Thanks for this informative post. I have found some info along the way, but this nicely sums it up. My ten year old son has had N since last November. Initially we considered depression which is the only thing his primary would consider, but I insisted on seeing neuro (who also said it wasn't N) and him having a sleep study. Sleep specialists also said it wasn't N--just wanted him to see a ENT because of large tonsils. I still insisted on the sleep study.

I can see how it takes people so long to get their diagnosis with doctors so closed down to the idea. I had FOUR specialists I suggested the diagnosis to only to tell me I was wrong.

My son's depression seems a lot better now that he is being treated with Provigil and naps. Our other biggest problem is weight gain. He had probably put on 15 or 20 lbs in last nine months.

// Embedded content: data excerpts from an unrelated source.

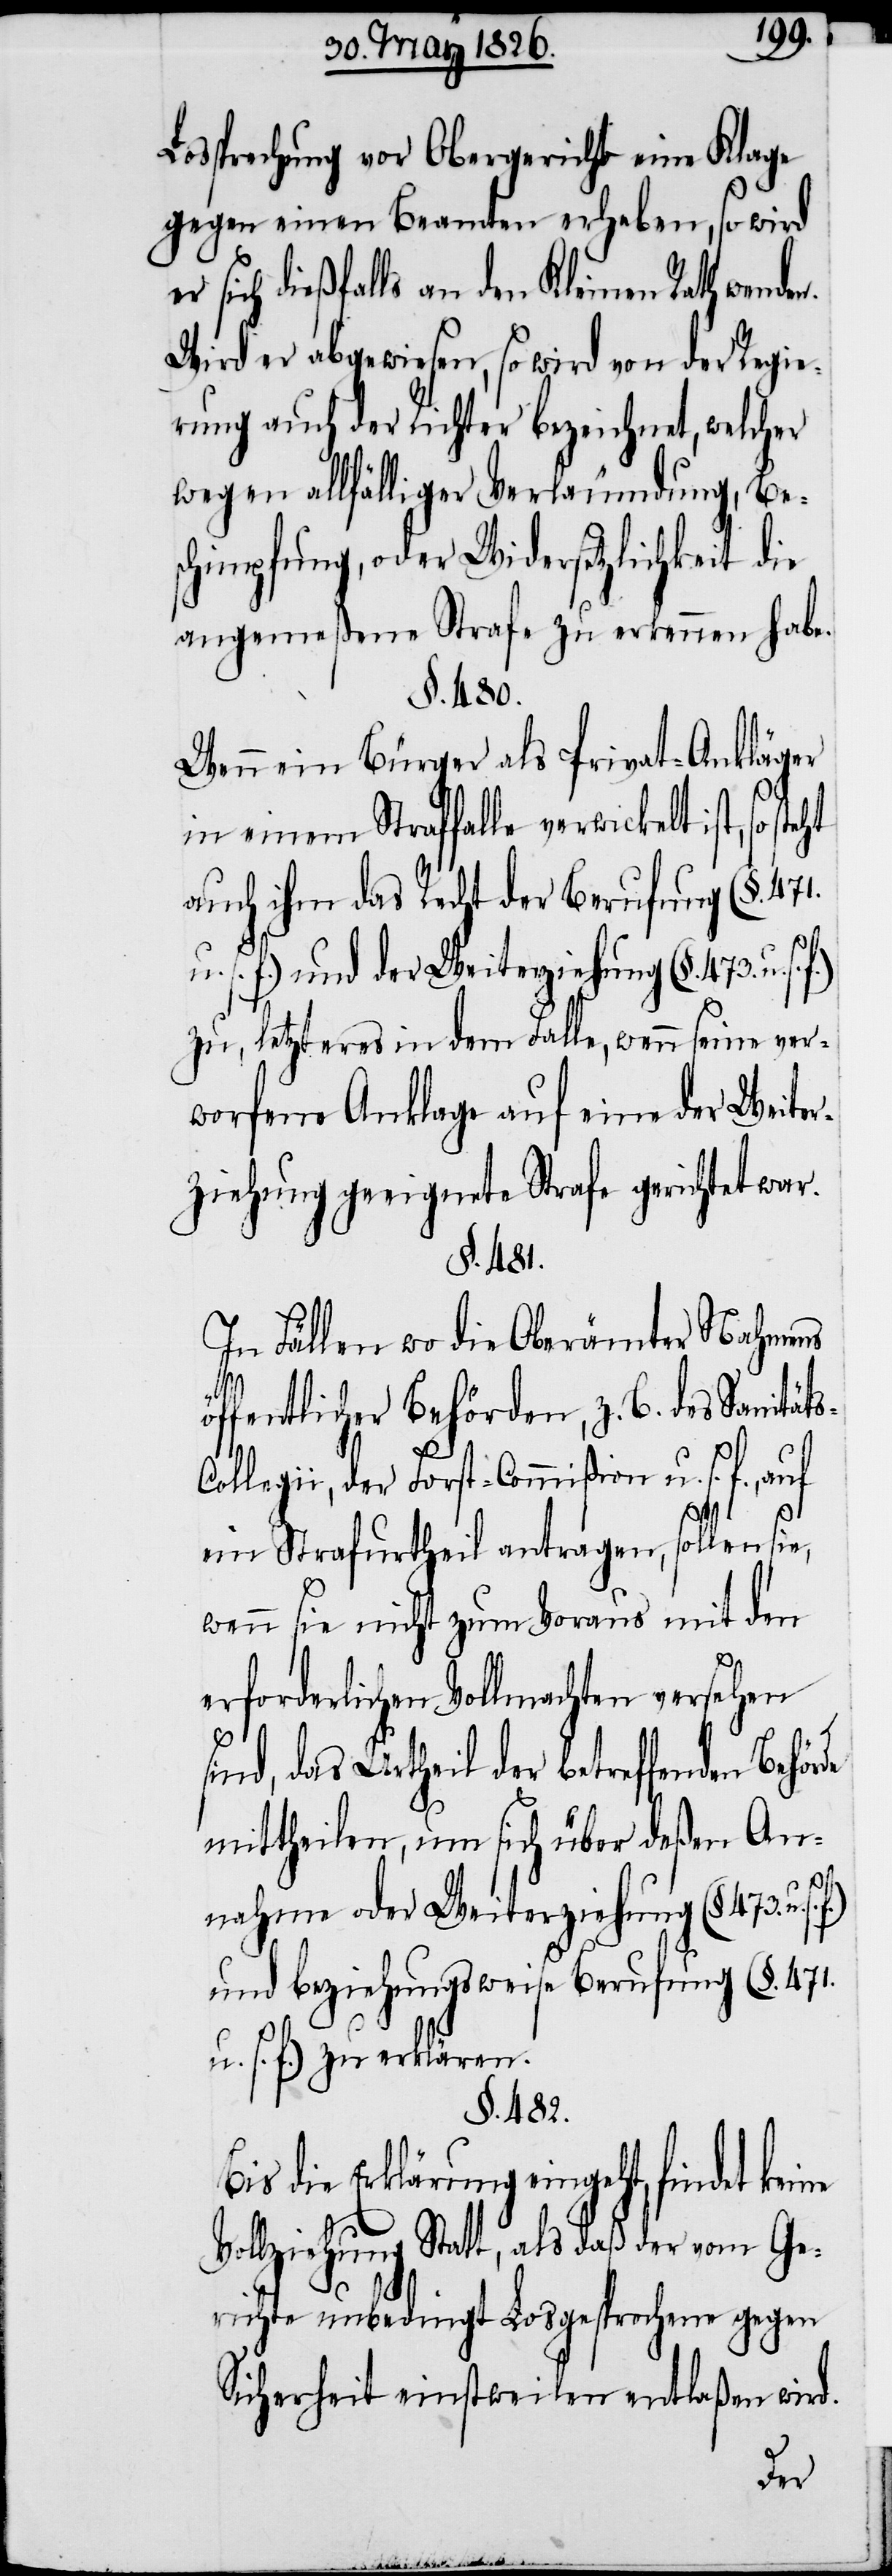
Lossprechung vor Obergericht eine Klage
gegen einen Beamten erheben, so wird
sich dießfalls an den Kleinen Rath wende¬
Wird er abgewiesen, so wird von der Regie¬
rung auch der Richter bezeichnet, welcher
wegen allfälliger Verläumdung, Be¬
schimpfung, oder Widersetzlichkeit die
angemeßene Strafe zu erkennen habe.
§. 480.
Wenn ein Bürger als Privat-Ankläger
in einem Straffalle verwickelt ist,
auch ihm das Recht der Berufung (§. 471.
s. f.) und der Weiterziehung (§. 473. u.
zu, letzteres in dem Falle, wenn seine ver¬
worfene Anklage auf eine der Weiter¬
ziehung geeignete Strafe gerichtet war.
§. 481.
In Fällen wo die Oberämter Nahmens
ne
öffentlicher Behörden, z. B. des Sanitäts-C¬
ollegii, der Forst-Commißion u. s. f.,
f.)
ein Strafurtheil antragen, sollen sie,
wenn sie nicht zum Voraus mit den
erforderlichen Vollmachten versehen
ind, das Urtheil der betreffenden Behö¬
mittheilen, um sich über deßen An¬
rde
nahme oder Weiterziehung (§. 473. u. s.
und beziehungsweise Berufung (§. 471.
u. s. f.) zu erklären.
§. 482.
Bis die Erklärung eingeht, findet kei¬
Vollziehung Statt, als daß der vom Ge¬
richte unbedingt Losgesprochene gegen
Sicherheit einstweilen entlaßen wird.

n.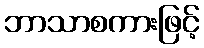
ဘာသာစကားဖြင့်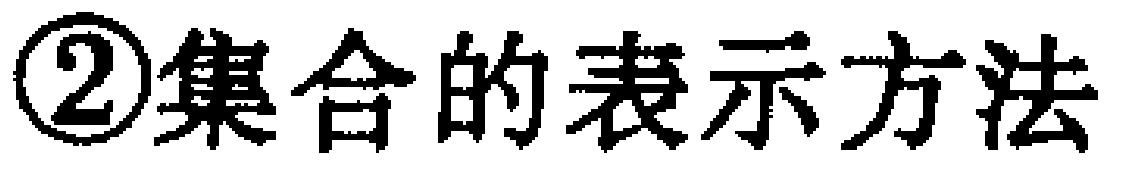
\textcircled{2}集合的表示方法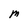
Character: M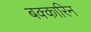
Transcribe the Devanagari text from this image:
बक्कारिन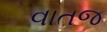
વાતજ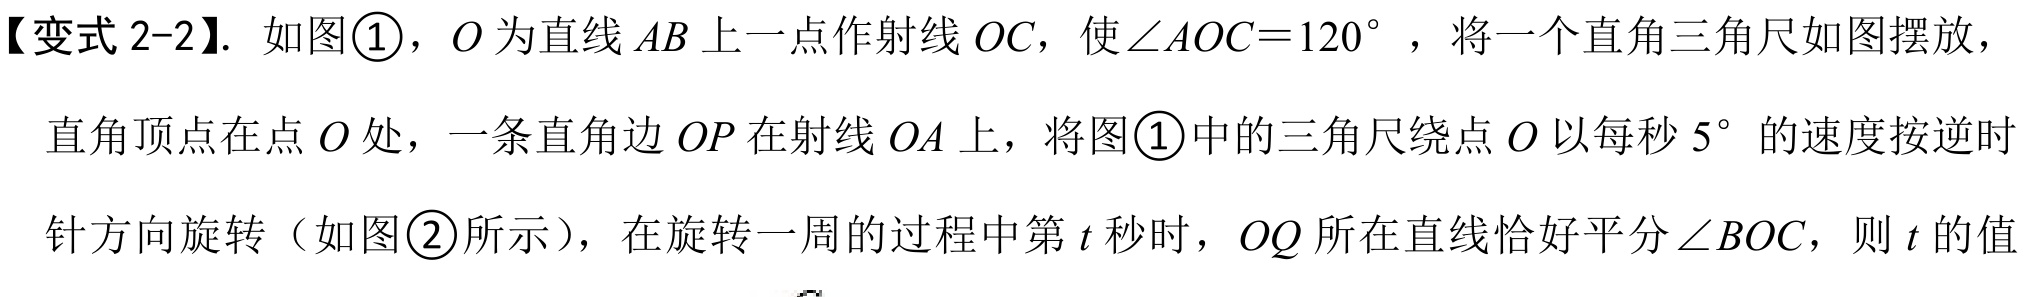
【变式 2-2】. 如图\textcircled{1}，\(O\) 为直线 \(AB\) 上一点作射线 \(OC\)，使\(\angle AOC = 120^{\circ}\) ，将一个直角三角尺如图摆放，
直角顶点在点 \(O\) 处，一条直角边 \(OP\) 在射线 \(OA\) 上，将图\textcircled{1}中的三角尺绕点 \(O\) 以每秒 \(5^{\circ}\) 的速度按逆时
针方向旋转（如图\textcircled{2}所示），在旋转一周的过程中第 \(t\) 秒时，\(OQ\) 所在直线恰好平分\(\angle BOC\)，则 \(t\) 的值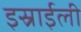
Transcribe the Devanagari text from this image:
इस्राईली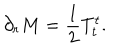
\partial _ { r } M = { \frac { 1 } { 2 } } T _ { t } ^ { t } .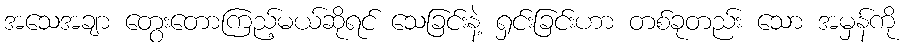
အသေအချာ တွေးတောကြည့်မယ်ဆိုရင် သေခြင်းနဲ့ ရှင်းခြင်းဟာ တစ်ခုတည်း သော အမှန်ကို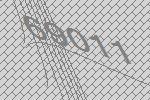
69011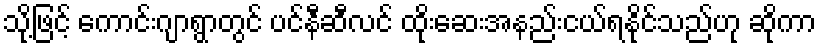
သို့ဖြင့် ကောင်းဂျာရွာတွင် ပင်နီဆီလင် ထိုးဆေးအနည်းငယ်ရနိုင်သည်ဟု ဆိုကာ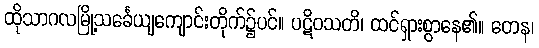
ထိုသာဂလမြို့သင်္ခေယျကျောင်းတိုက်၌ပင်။ ပဋိဝသတိ၊ ထင်ရှားစွာနေ၏။ တေန၊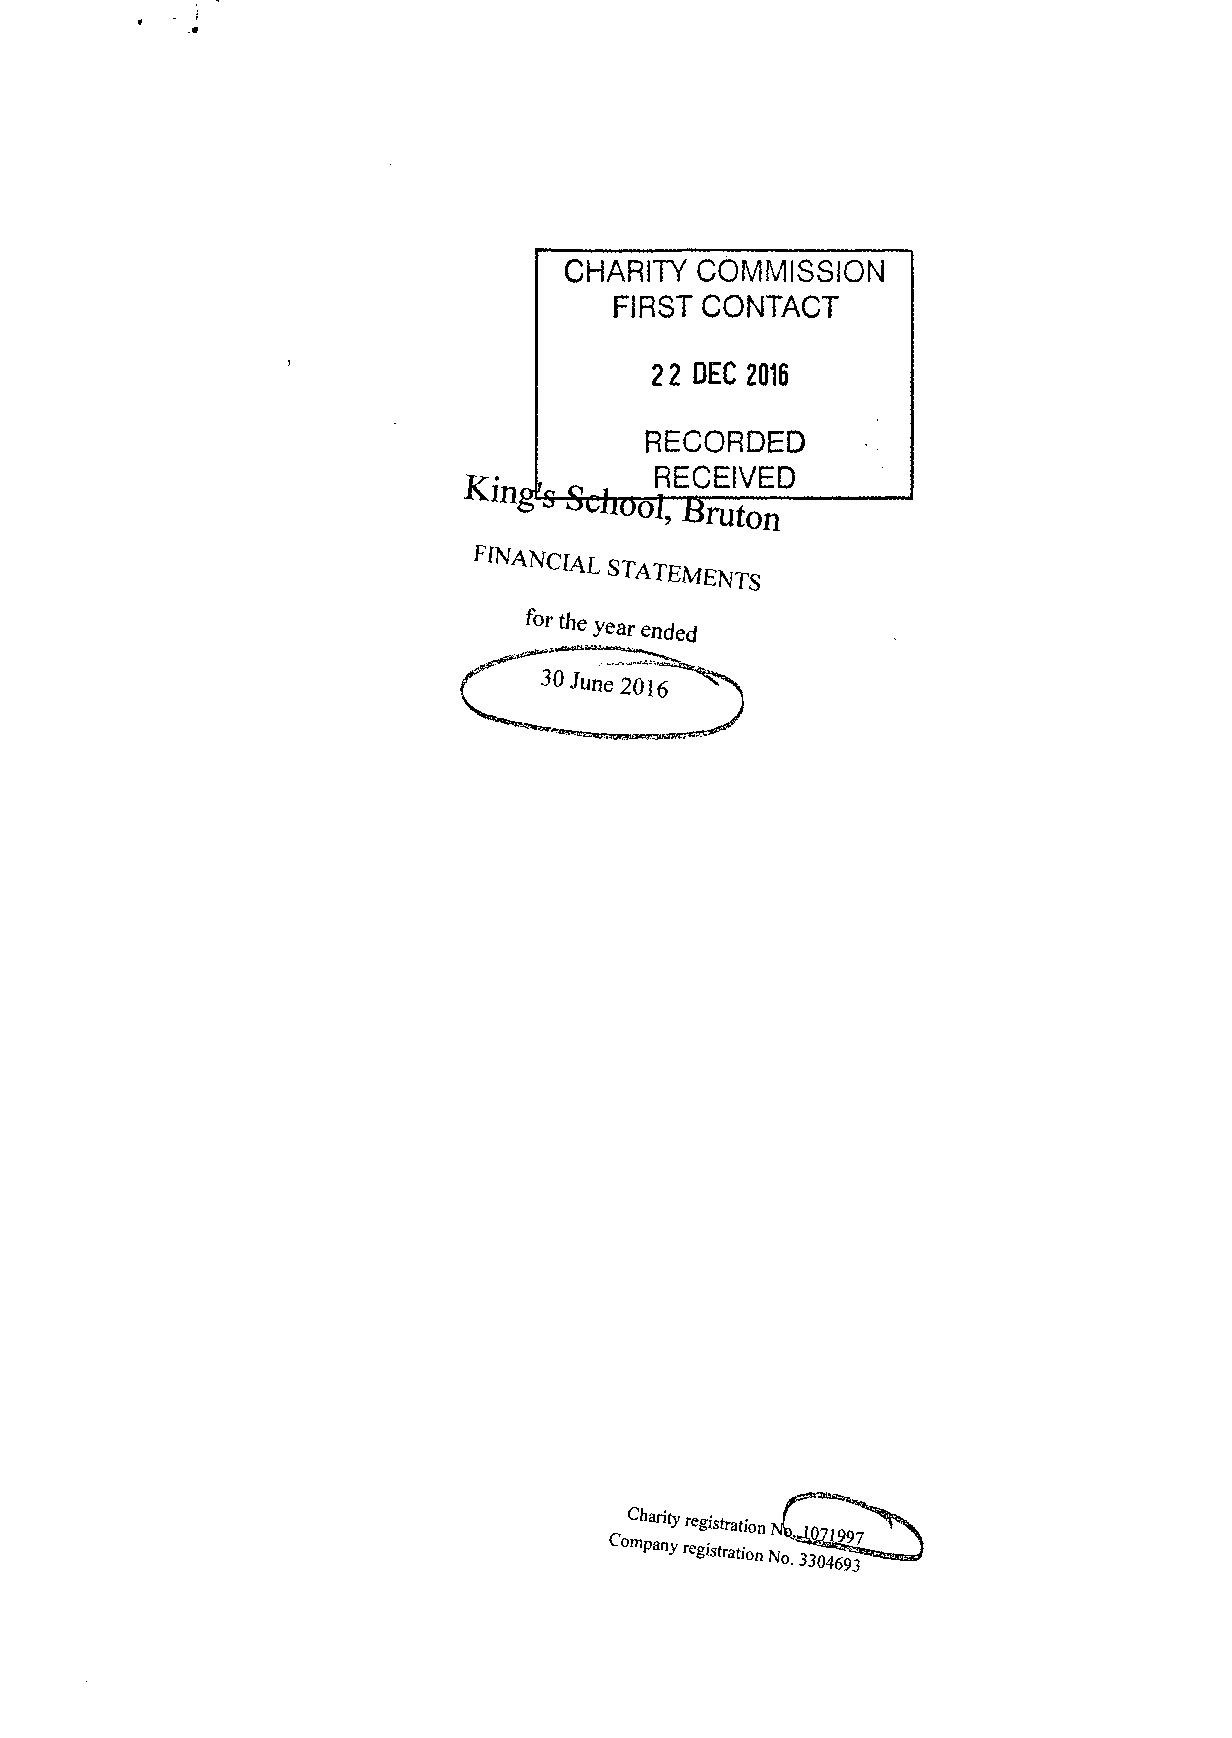
CHARITY  COMMISSION
 FIRST CONTACT
 2 2 DEC 2016
 RECORDED
 i     RECEIVED
 King
 0 f
 ,QSUioo], B
 m t on
 FINANCIAL STATEMENTS
 for the
 year ended
 Cha^« ;  r     >\
 g strationN l 9 9

Sorry--babbling on. Thanks again for the post.

Oh Hola I'm Ja:) said...

Dear Wades,

Great to hear from you again! Sorry to take so long to comment back to you!!! Isn't it nutty how long it takes most people to get their Narcolepsy dxed!?!? Mine took I think about 14 years. Depression was one of the things that was given to me too, as a dx. I am really glad that you were persistent and insisted on the sleep study for your son. Your son is a very fortunate young man to have your fervent support! About the weight issue...It seems that many folks with N have this issue too. For me, going gluten free, and cutting down on my carbs has helped very much. Have you ever checked out Heidi Lindburg's site. It is at

She has done some remarkable research, and is also very approachable if you need to ask questions. She is a fantastic writer, and has lots of info on Narcolepsy, and the gluten connection.

Thanks again for stopping by, let me know how you all are doing soon, ok?

Via con Dios,

Anonymous said...


You are right about people searching online for information about narcolepsy and depression - that is how I found your blog. I fit what I was told at time of dx is average: onset probably at about 15, dx at 30. But before dx, suggestion was depression. Tried Effexor, and I went from tired to useless. Now, I actually think my current depression symptoms are probably connected with Ritalin. I've slowly upped that med and tapered off Provigil, and as I have, I've become more flat - little feeling for anything. Thanks for an interesting perspective - I look forward to looking around your blog a bit more, but first, back to my search....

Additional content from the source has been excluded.